>>>>>

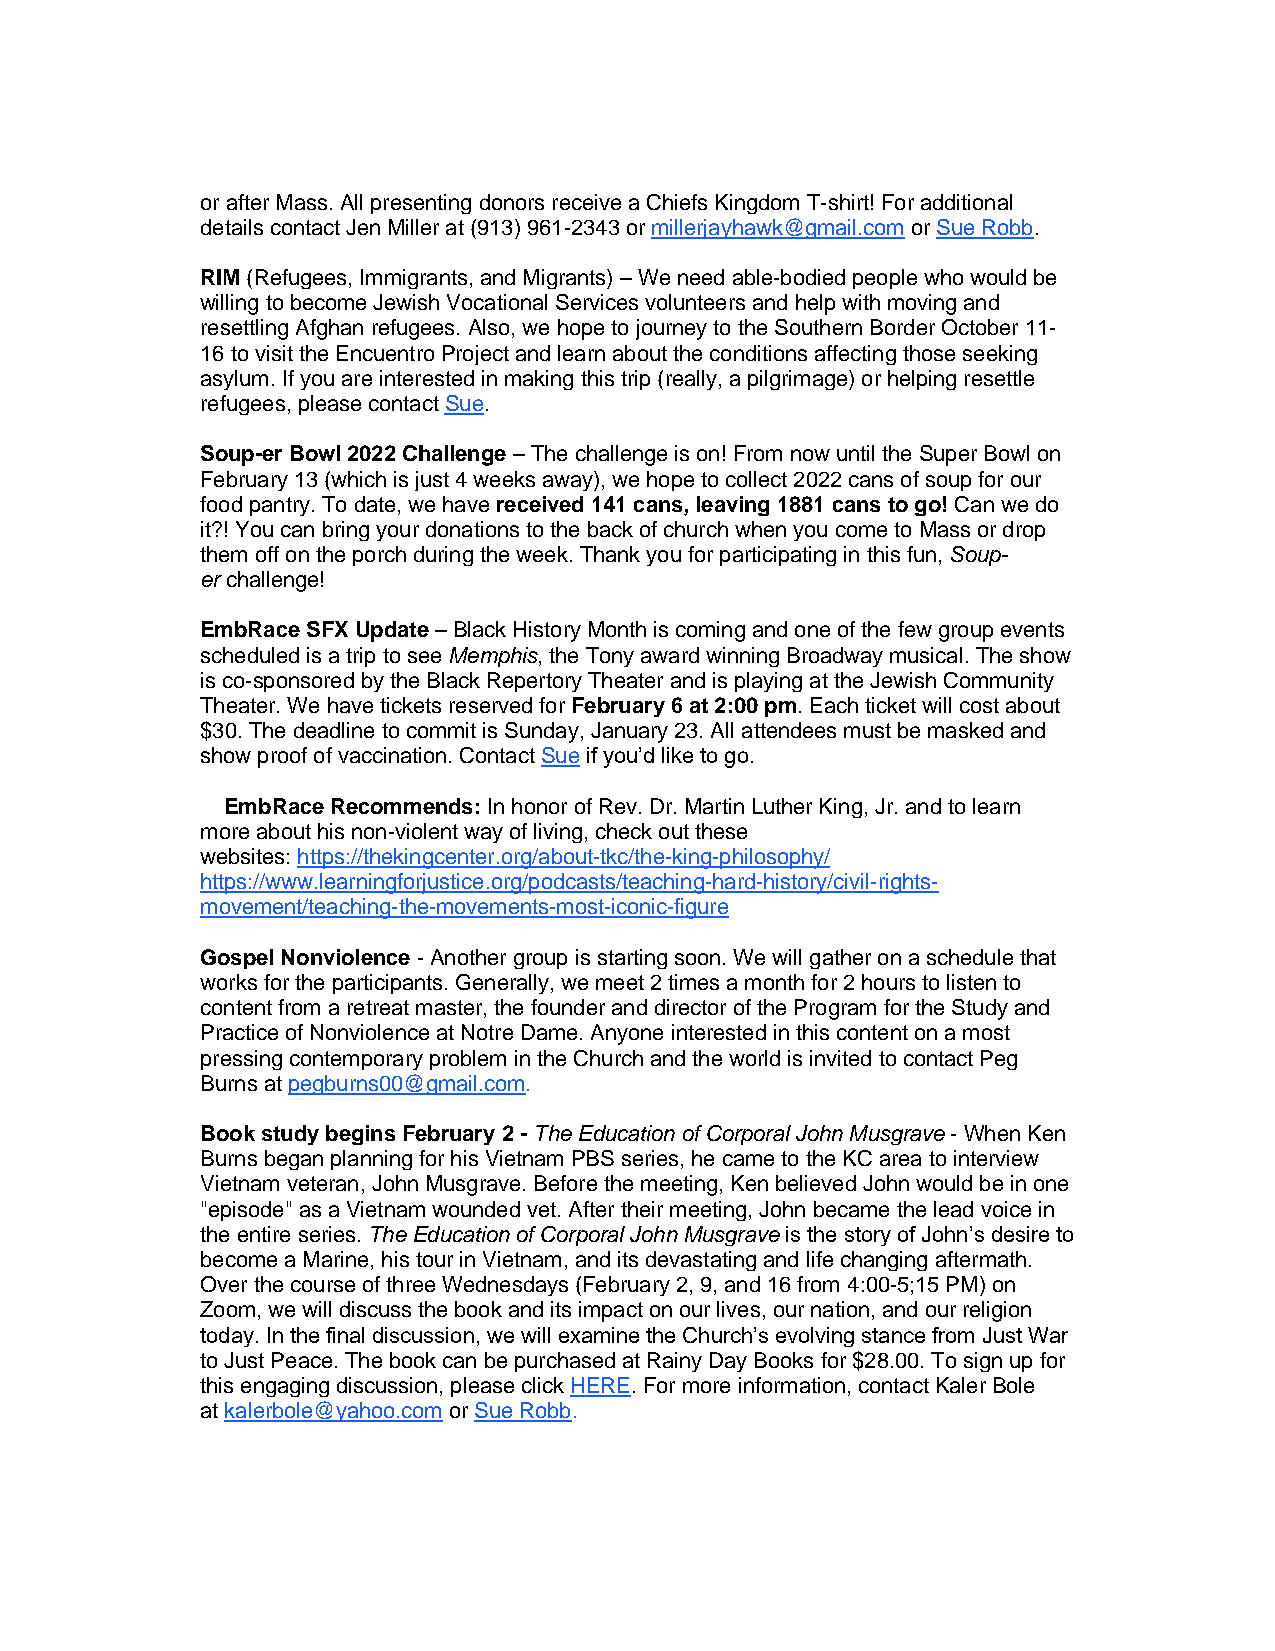
or after Mass. All presenting donors receive a Chiefs Kingdom T-shirt! For additional
 details contact Jen Miller at (913) 961-2343 or millerjayhawk@gmail.com or Sue Robb.
 RIM (Refugees, Immigrants, and Migrants) – We need able-bodied people who would be
 willing to become Jewish Vocational Services volunteers and help with moving and
 resettling Afghan refugees. Also, we hope to journey to the Southern Border October 11-
 16 to visit the Encuentro Project and learn about the conditions affecting those seeking
 asylum. If you are interested in making this trip (really, a pilgrimage) or helping resettle
 refugees, please contact Sue.
 Soup-er Bowl 2022 Challenge – The challenge is on! From now until the Super Bowl on
 February 13 (which is just 4 weeks away), we hope to collect 2022 cans of soup for our
 food pantry. To date, we have received 141 cans, leaving 1881 cans to go! Can we do
 it?! You can bring your donations to the back of church when you come to Mass or drop
 them off on the porch during the week. Thank you for participating in this fun, Soup-
 er challenge!
 EmbRace SFX Update – Black History Month is coming and one of the few group events
 scheduled is a trip to see Memphis, the Tony award winning Broadway musical. The show
 is co-sponsored by the Black Repertory Theater and is playing at the Jewish Community
 Theater. We have tickets reserved for February 6 at 2:00 pm. Each ticket will cost about
 $30. The deadline to commit is Sunday, January 23. All attendees must be masked and
 show proof of vaccination. Contact Sue if you’d like to go.
 EmbRace Recommends: In honor of Rev. Dr. Martin Luther King, Jr. and to learn
 more about his non-violent way of living, check out these
 websites: https://thekingcenter.org/about-tkc/the-king-philosophy/
 https://www.learningforjustice.org/podcasts/teaching-hard-history/civil-rights-
 movement/teaching-the-movements-most-iconic-figure
 Gospel Nonviolence - Another group is starting soon. We will gather on a schedule that
 works for the participants. Generally, we meet 2 times a month for 2 hours to listen to
 content from a retreat master, the founder and director of the Program for the Study and
 Practice of Nonviolence at Notre Dame. Anyone interested in this content on a most
 pressing contemporary problem in the Church and the world is invited to contact Peg
 Burns at pegburns00@gmail.com.
 Book study begins February 2 - The Education of Corporal John Musgrave - When Ken
 Burns began planning for his Vietnam PBS series, he came to the KC area to interview
 Vietnam veteran, John Musgrave. Before the meeting, Ken believed John would be in one
 "episode" as a Vietnam wounded vet. After their meeting, John became the lead voice in
 the entire series. The Education of Corporal John Musgrave is the story of John’s desire to
 become a Marine, his tour in Vietnam, and its devastating and life changing aftermath.
 Over the course of three Wednesdays (February 2, 9, and 16 from 4:00-5;15 PM) on
 Zoom, we will discuss the book and its impact on our lives, our nation, and our religion
 today. In the final discussion, we will examine the Church’s evolving stance from Just War
 to Just Peace. The book can be purchased at Rainy Day Books for $28.00. To sign up for
 this engaging discussion, please click HERE. For more information, contact Kaler Bole
 at kalerbole@yahoo.com or Sue Robb.
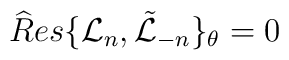
{\widehat Res}\{ {\mathcal L }_{n}, \tilde {\mathcal L}_{-n}\}_{\theta}=0
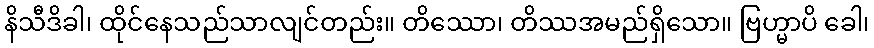
နိသီဒိခါ၊ ထိုင်နေသည်သာလျင်တည်း။ တိဿော၊ တိဿအမည်ရှိသော။ ဗြဟ္မာပိ ခေါ၊
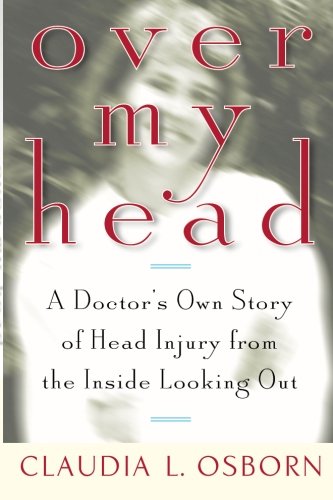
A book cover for Over My Head: A Doctor's Own Story of Head Injury from the Inside Looking Out; Claudia L. Osborn; Humor & Entertainment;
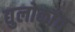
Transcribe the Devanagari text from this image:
द्युलोकांत
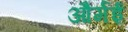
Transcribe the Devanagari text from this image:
और्मई
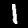
Label: 1
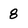
Character: 8
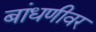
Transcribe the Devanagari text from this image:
बांधणीवर
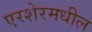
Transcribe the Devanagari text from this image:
एरशेरमधील
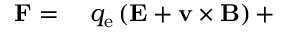
\begin{array} { r l } { \mathbf { F } = { } } & { { } q _ { \mathrm { e } } \left( \mathbf { E } + \mathbf { v } \times \mathbf { B } \right) + } \end{array}
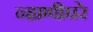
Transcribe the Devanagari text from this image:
न्हाणीघरे
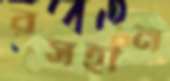
রসহীন
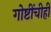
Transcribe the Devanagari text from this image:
गोष्टींचीही
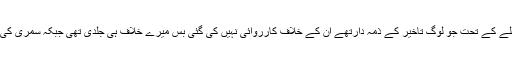
بابر اعوان کا موقف تھا کہ سپریم کورٹ کے فیصلے کے تحت جو لوگ تاخیر کے ذمہ دارتھے ان کے خلاف کارروائی نہیں کی گئی بس میرے خلاف ہی جلدی تھی جبکہ سمری کی منظوری وزیر کی بجائے سیکریٹری کا کام ہے۔
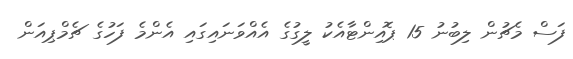
ފަސް މެޗުން ލިބުނު 15 ޕޮއިންޓާއެކު ލީގުގެ އެއްވަނައިގައި އެންމެ ފަހުގެ ޗެމްޕިއަން
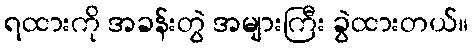
ရထားကို အခန်းတွဲ အများကြီး ခွဲထားတယ်။
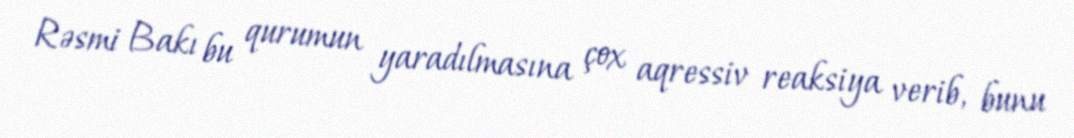
Rəsmi Bakı bu qurumun yaradılmasına çox aqressiv reaksiya verib, bunu
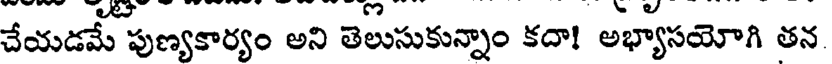
చేయడమే పుణ్యకార్యం అని తెలుసుకున్నాం కదా! అభ్యాసయోగి తన
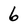
Character: 6
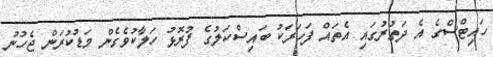
ހައިޓްސްގެ އެ ދަތުރުގައި އެތައް ފަހަރަކު ބައިސްކަލުގެ ފުރޮޅު ހަލާކުވެގެން މަޑުކުރަން ޖެހުނު
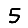
Digit: 5
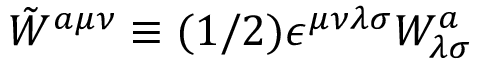
\tilde { W } ^ { a \mu \nu } \equiv ( 1 / 2 ) \epsilon ^ { \mu \nu \lambda \sigma } W _ { \lambda \sigma } ^ { a }

<<<<<

All lines above containing the string "https" are to be collected.

__EXERCISE RESULT__.
 websites: https://thekingcenter.org/about-tkc/the-king-philosophy/
 https://www.learningforjustice.org/podcasts/teaching-hard-history/civil-rights-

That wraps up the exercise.